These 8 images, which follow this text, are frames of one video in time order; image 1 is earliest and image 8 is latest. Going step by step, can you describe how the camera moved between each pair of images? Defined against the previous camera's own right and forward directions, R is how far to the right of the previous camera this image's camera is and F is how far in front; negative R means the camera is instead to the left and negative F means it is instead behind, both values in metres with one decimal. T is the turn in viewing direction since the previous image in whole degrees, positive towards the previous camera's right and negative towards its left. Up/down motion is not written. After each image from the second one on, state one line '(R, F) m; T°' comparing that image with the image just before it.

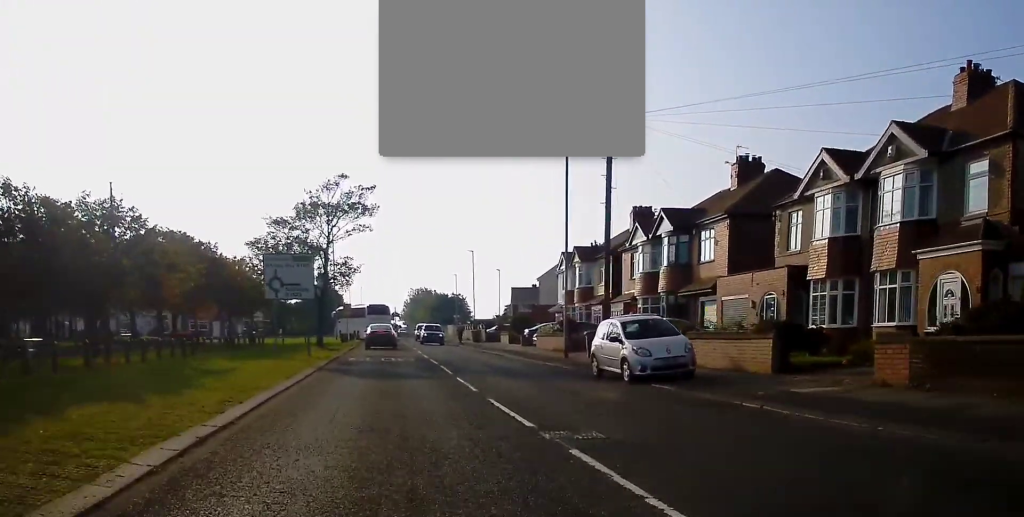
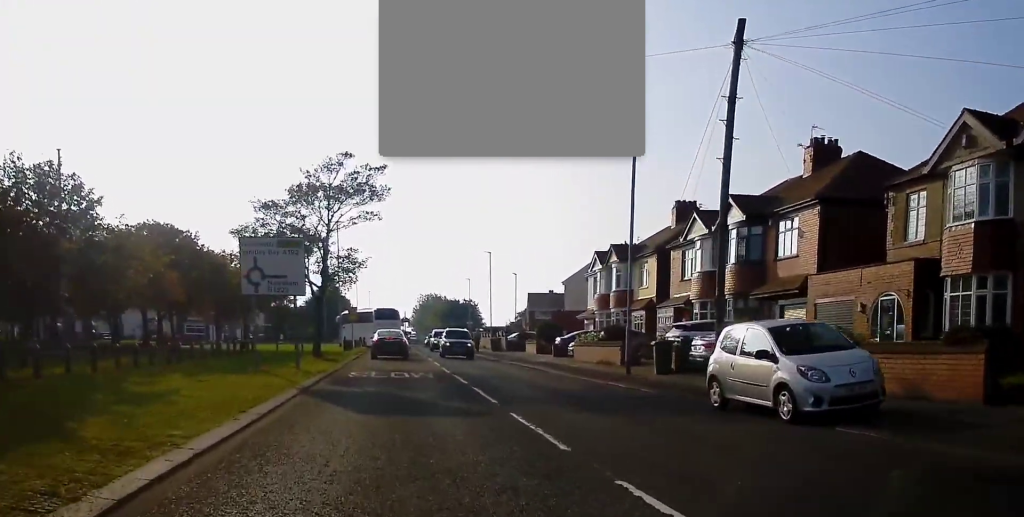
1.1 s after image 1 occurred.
(-0.2, +7.3) m; -3°
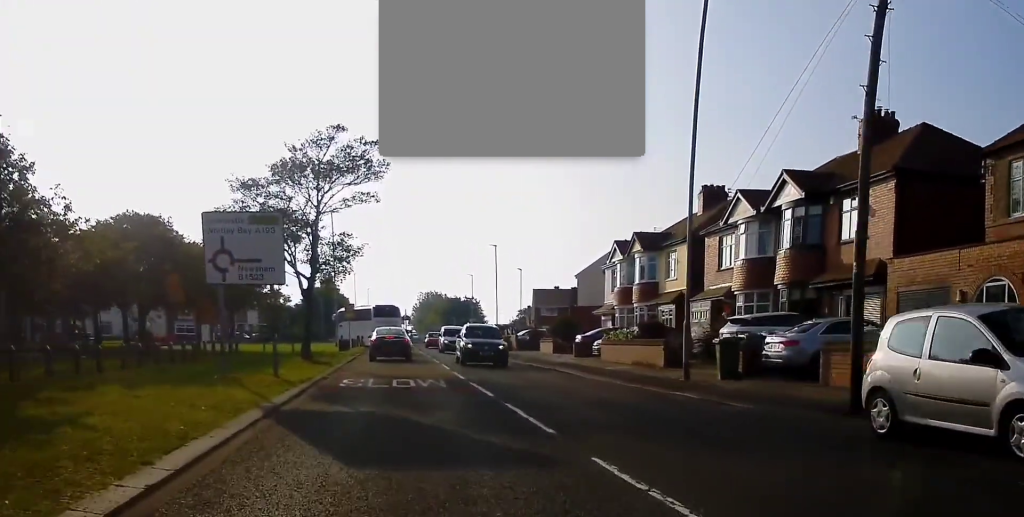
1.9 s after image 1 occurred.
(-0.1, +4.9) m; -1°
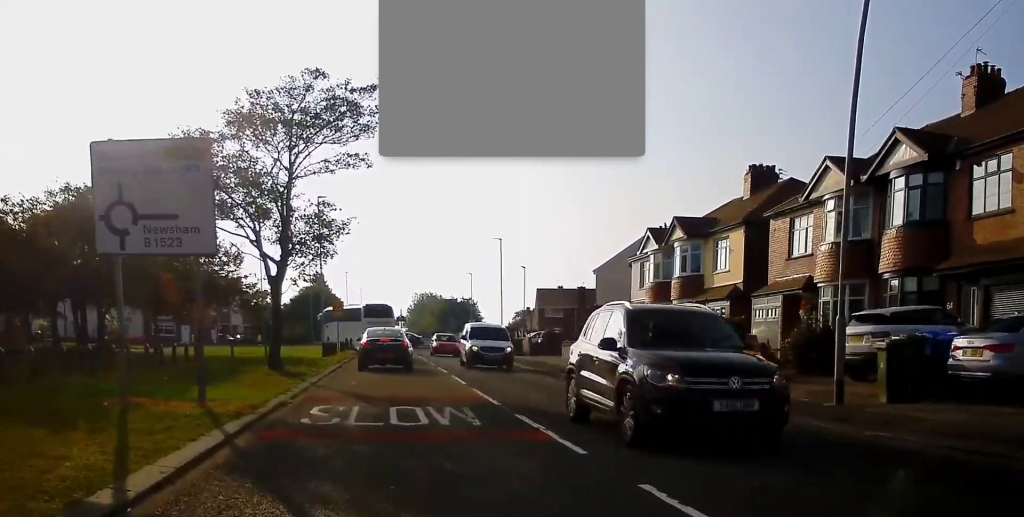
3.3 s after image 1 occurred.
(-0.1, +7.8) m; -1°
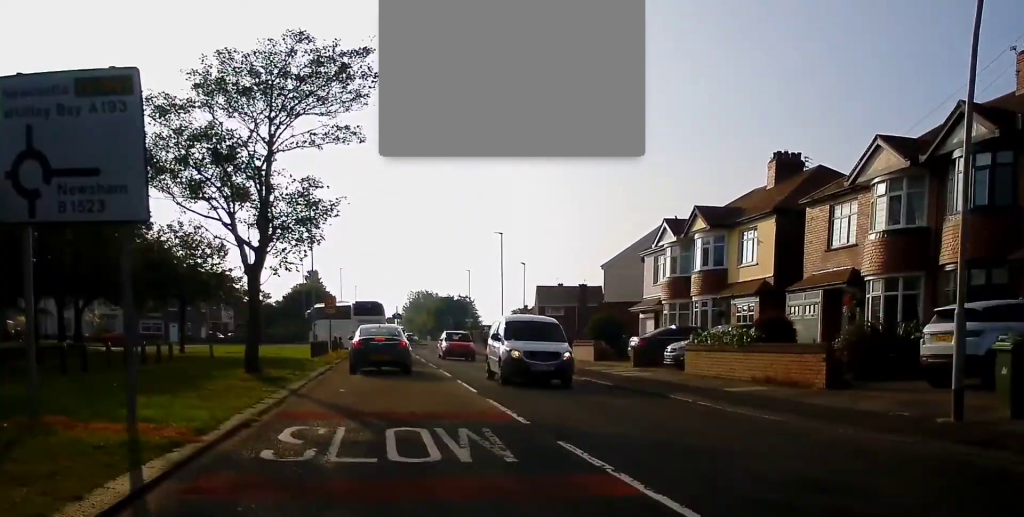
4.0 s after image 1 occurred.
(0.0, +3.4) m; +1°
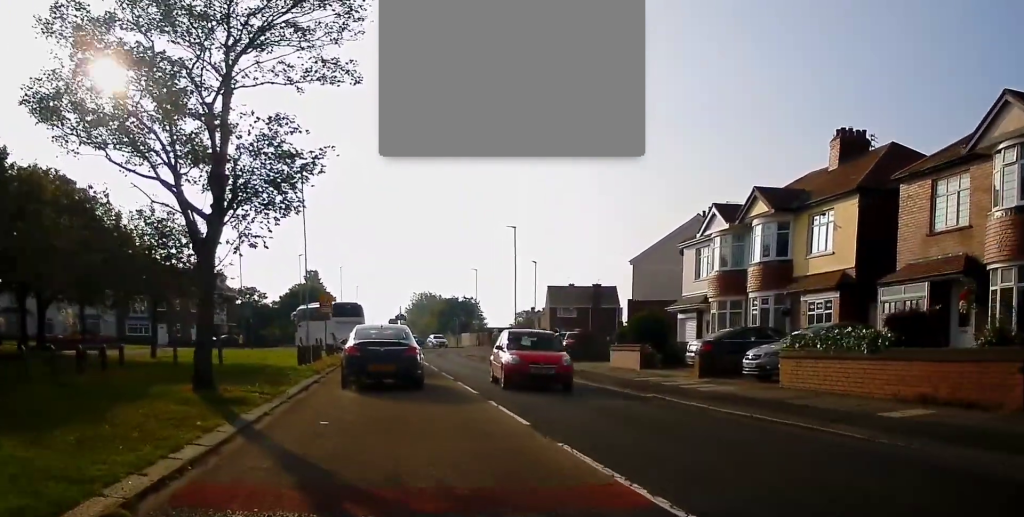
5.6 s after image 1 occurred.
(0.0, +6.0) m; -2°
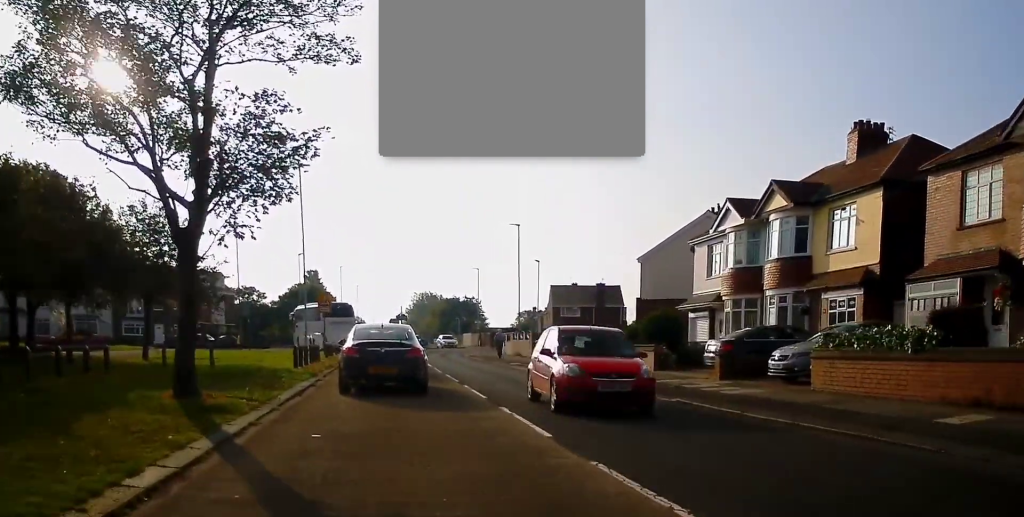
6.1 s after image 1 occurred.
(+0.1, +1.4) m; +4°
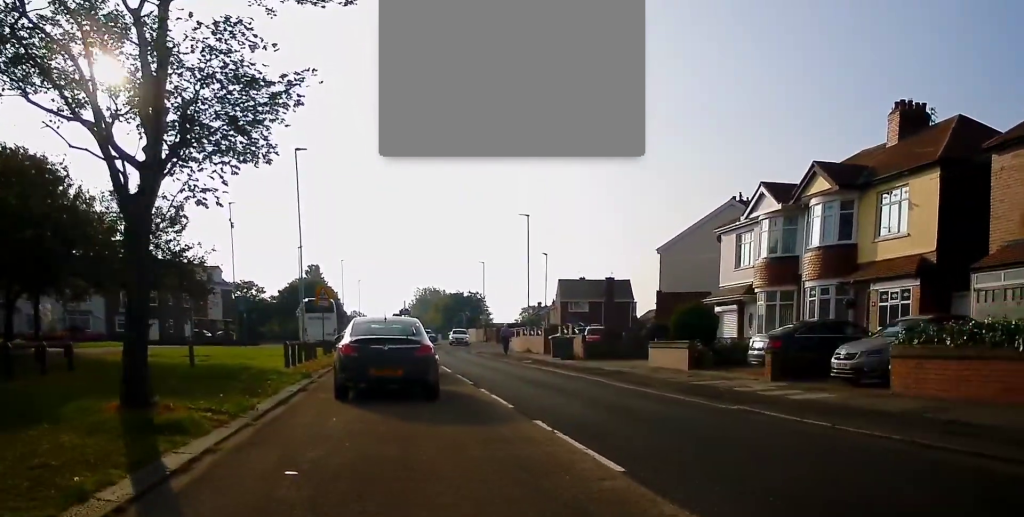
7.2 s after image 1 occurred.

▶ **Task goal**
Hand back the records above exactly as they are, pictures excluded.

▶ **Solution to this exercise**
These 8 images, which follow this text, are frames of one video in time order; image 1 is earliest and image 8 is latest. Going step by step, can you describe how the camera moved between each pair of images? Defined against the previous camera's own right and forward directions, R is how far to the right of the previous camera this image's camera is and F is how far in front; negative R means the camera is instead to the left and negative F means it is instead behind, both values in metres with one decimal. T is the turn in viewing direction since the previous image in whole degrees, positive towards the previous camera's right and negative towards its left. Up/down motion is not written. After each image from the second one on, state one line '(R, F) m; T°' comparing that image with the image just before it.

1.1 s after image 1 occurred.
(-0.2, +7.3) m; -3°
1.9 s after image 1 occurred.
(-0.1, +4.9) m; -1°
3.3 s after image 1 occurred.
(-0.1, +7.8) m; -1°
4.0 s after image 1 occurred.
(0.0, +3.4) m; +1°
5.6 s after image 1 occurred.
(0.0, +6.0) m; -2°
6.1 s after image 1 occurred.
(+0.1, +1.4) m; +4°
7.2 s after image 1 occurred.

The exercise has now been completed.